What signal is being transmitted?, International investment banks experience concentrated layoffs year-on-year | Goldman Sachs Group | International
Due to enormous operational pressure, the international investment bank Goldman Sachs Group is considering a new round of layoffs.
It is reported that Goldman Sachs plans to lay off nearly 250 employees across the group, targeting senior positions including the CEO. The specific time for layoffs has not been determined yet, but it may take place in the coming weeks.
Last September, Goldman Sachs laid off hundreds of employees as part of its regular staffing management. In January of this year, Goldman Sachs further reduced about 3200 employees, accounting for approximately 6.5% of the total number of employees. This will be Goldman Sachs' third round of layoffs in less than a year.
As is well known, the 2022 US stock IPO market will usher in the coldest winter. According to statistics, there were a total of 345 newly listed companies in the US stock market in 2022, only a quarter of the number in 2021. The sharp decline in the number directly led to a cliff like decline in revenue for the investment industry. Many investment bankers hope that the situation will improve this year, but this is not the case. According to data released by US financial data provider Dirokee, as of March 30th, the global M&A volume in the first quarter of this year was $575.1 billion, a decrease of 48%, compared to $1.1 trillion in the same period last year. The transaction volume of US mergers and acquisitions decreased by 44% to $282.7 billion.

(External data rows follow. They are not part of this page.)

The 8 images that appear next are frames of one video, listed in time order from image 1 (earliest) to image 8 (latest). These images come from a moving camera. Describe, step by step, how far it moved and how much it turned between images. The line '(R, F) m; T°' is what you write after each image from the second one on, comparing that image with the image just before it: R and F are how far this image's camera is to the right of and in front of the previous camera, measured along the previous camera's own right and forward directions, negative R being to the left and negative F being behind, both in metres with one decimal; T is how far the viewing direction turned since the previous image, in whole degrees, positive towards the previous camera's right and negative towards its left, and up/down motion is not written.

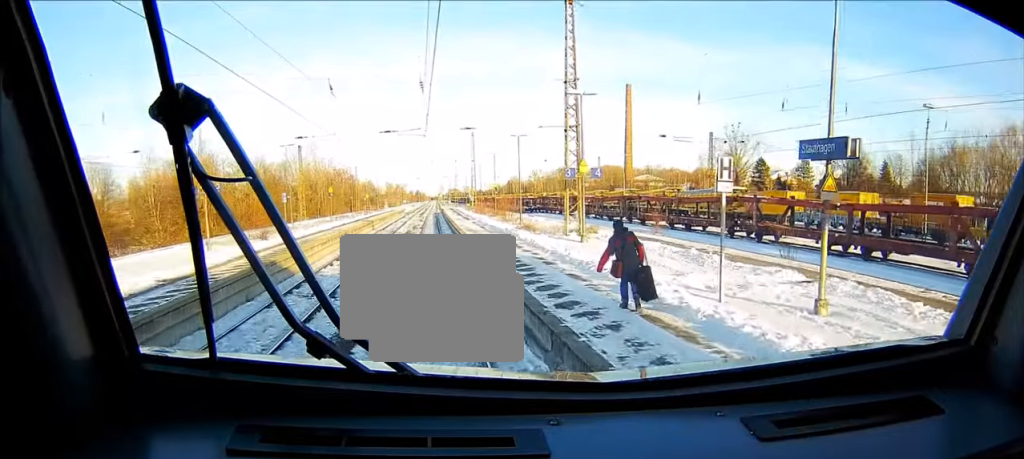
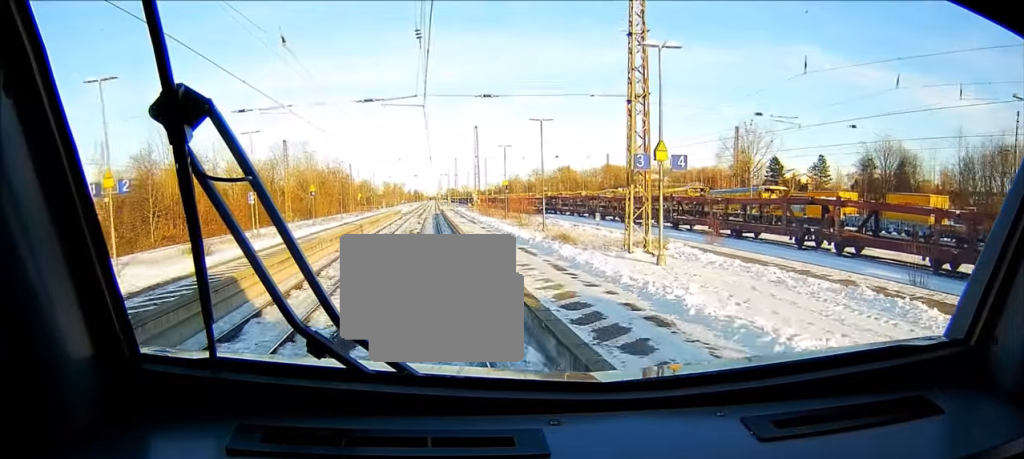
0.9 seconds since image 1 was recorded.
(0.0, +10.0) m; 0°
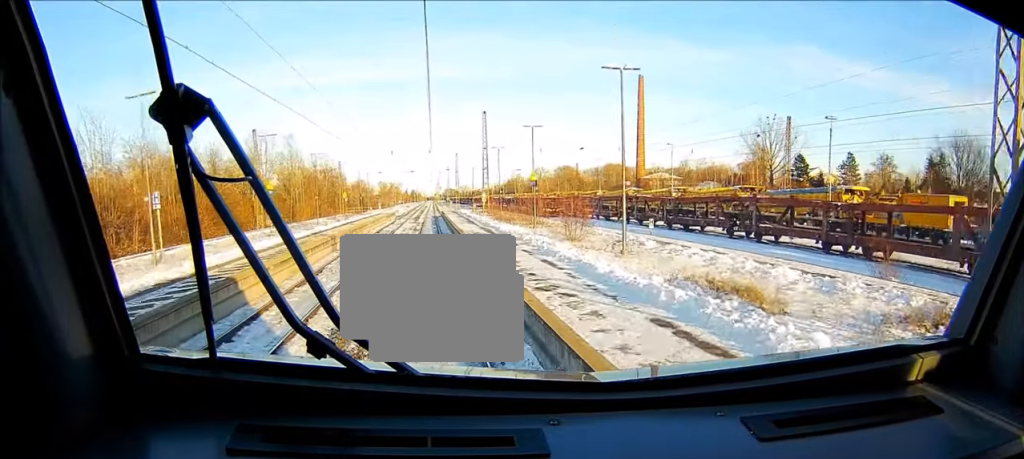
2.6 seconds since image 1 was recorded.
(0.0, +16.3) m; 0°
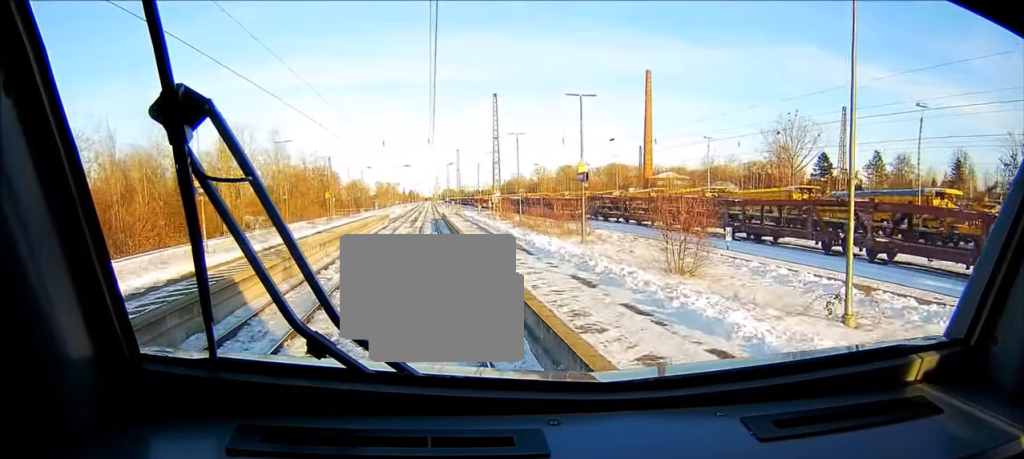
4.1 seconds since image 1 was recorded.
(0.0, +13.8) m; 0°
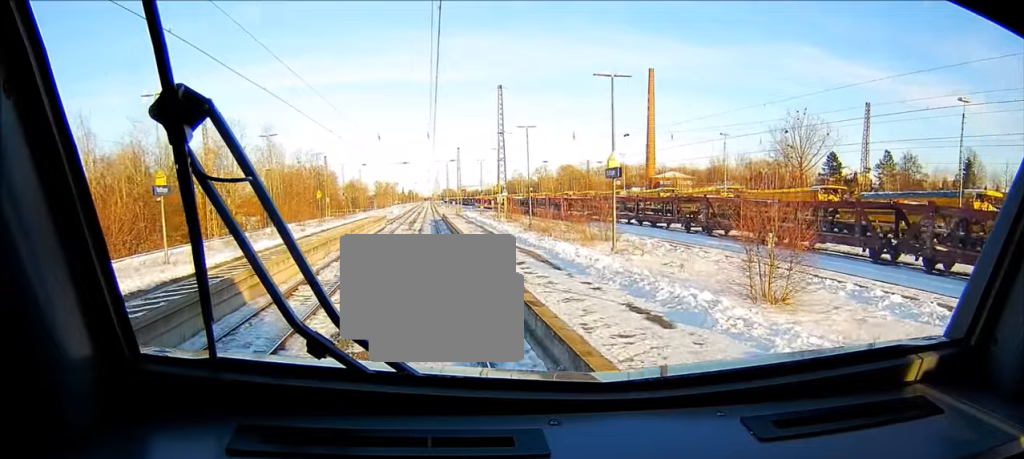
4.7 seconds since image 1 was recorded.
(0.0, +5.1) m; +1°
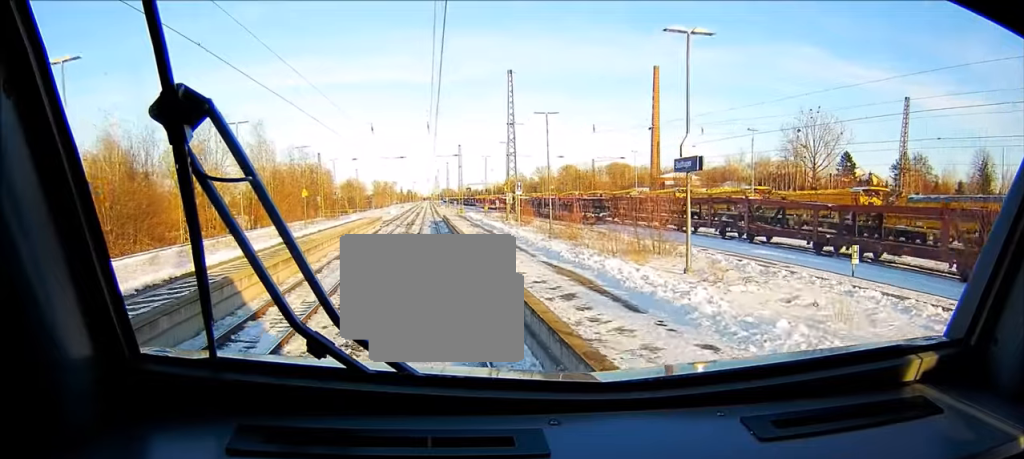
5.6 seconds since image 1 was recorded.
(0.0, +7.6) m; +1°
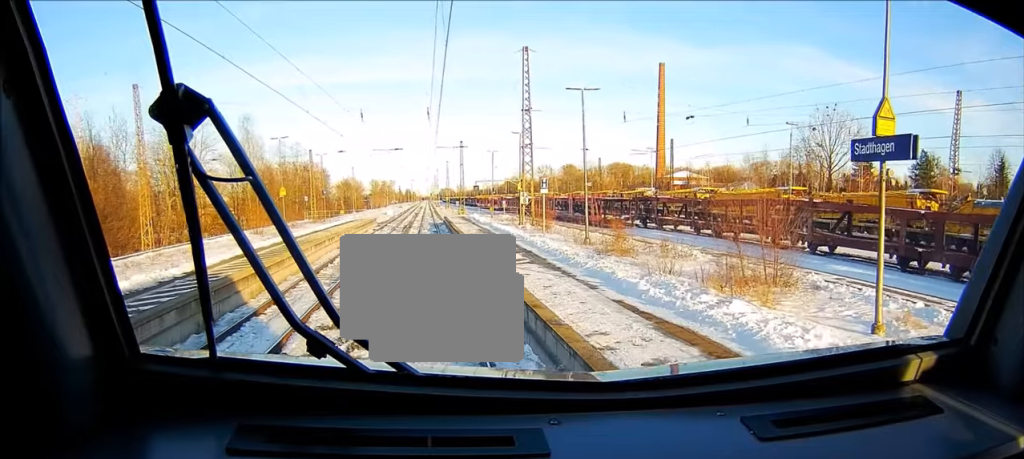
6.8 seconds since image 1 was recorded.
(+0.1, +8.5) m; +1°
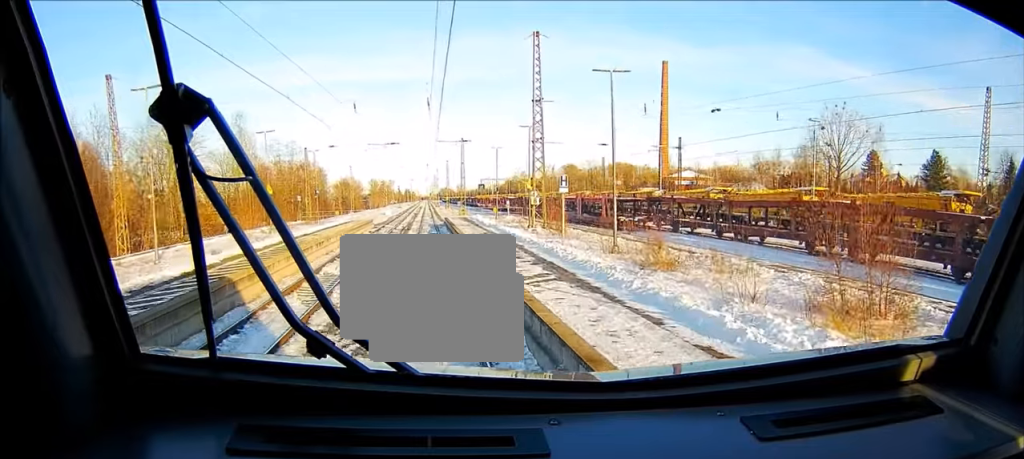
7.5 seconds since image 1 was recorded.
(0.0, +4.4) m; +1°

This year, due to the bleak global primary market, the "trading drought" has affected the profits of investment banks, with Goldman Sachs Group, which focuses on investment banking business, being a typical example. The financial report released by Goldman Sachs recently showed that in the first quarter of this year, Goldman Sachs Group's net profit decreased by 19% year-on-year, and investment banking revenue decreased by 26% year-on-year, surpassing the decline of JPMorgan Chase and Citigroup. In addition, Goldman Sachs is expected to see a year-on-year decrease of over 25% in earnings from stock and fixed income trading in the second quarter. Brian Hoffrat, co head of Goldman Sachs Group's Americas M&A division, previously stated that market volatility is clearly a challenge for Goldman Sachs and has had an impact on trading volume in the first quarter.
The rise in interest rates, global economic turmoil, and recent banking crises in the US and Europe have weakened the trading ability of many companies. Since the beginning of this year, corporate merger and acquisition activities have sharply slowed down. In addition to Goldman Sachs, several international investment banks have also announced layoff plans to save expenses and reduce costs.
JPMorgan Chase recently announced that it will lay off approximately 500 employees across the entire bank, with personnel mainly focused on technology and operations, involving major departments of JPMorgan Chase, including retail and commercial banking, asset and wealth management, as well as corporate and investment banking. In early May, Morgan Stanley also announced plans to lay off approximately 3000 employees in the second quarter of this year, equivalent to 5% of the global workforce, excluding the wealth management department. If the layoff plan is implemented, it will be Morgan Stanley's second round of layoffs in just six months.
The concentrated layoffs by international investment banks may indicate that the downward pressure on the economy is continuing to increase, and there may be more and more uncertain factors in the future.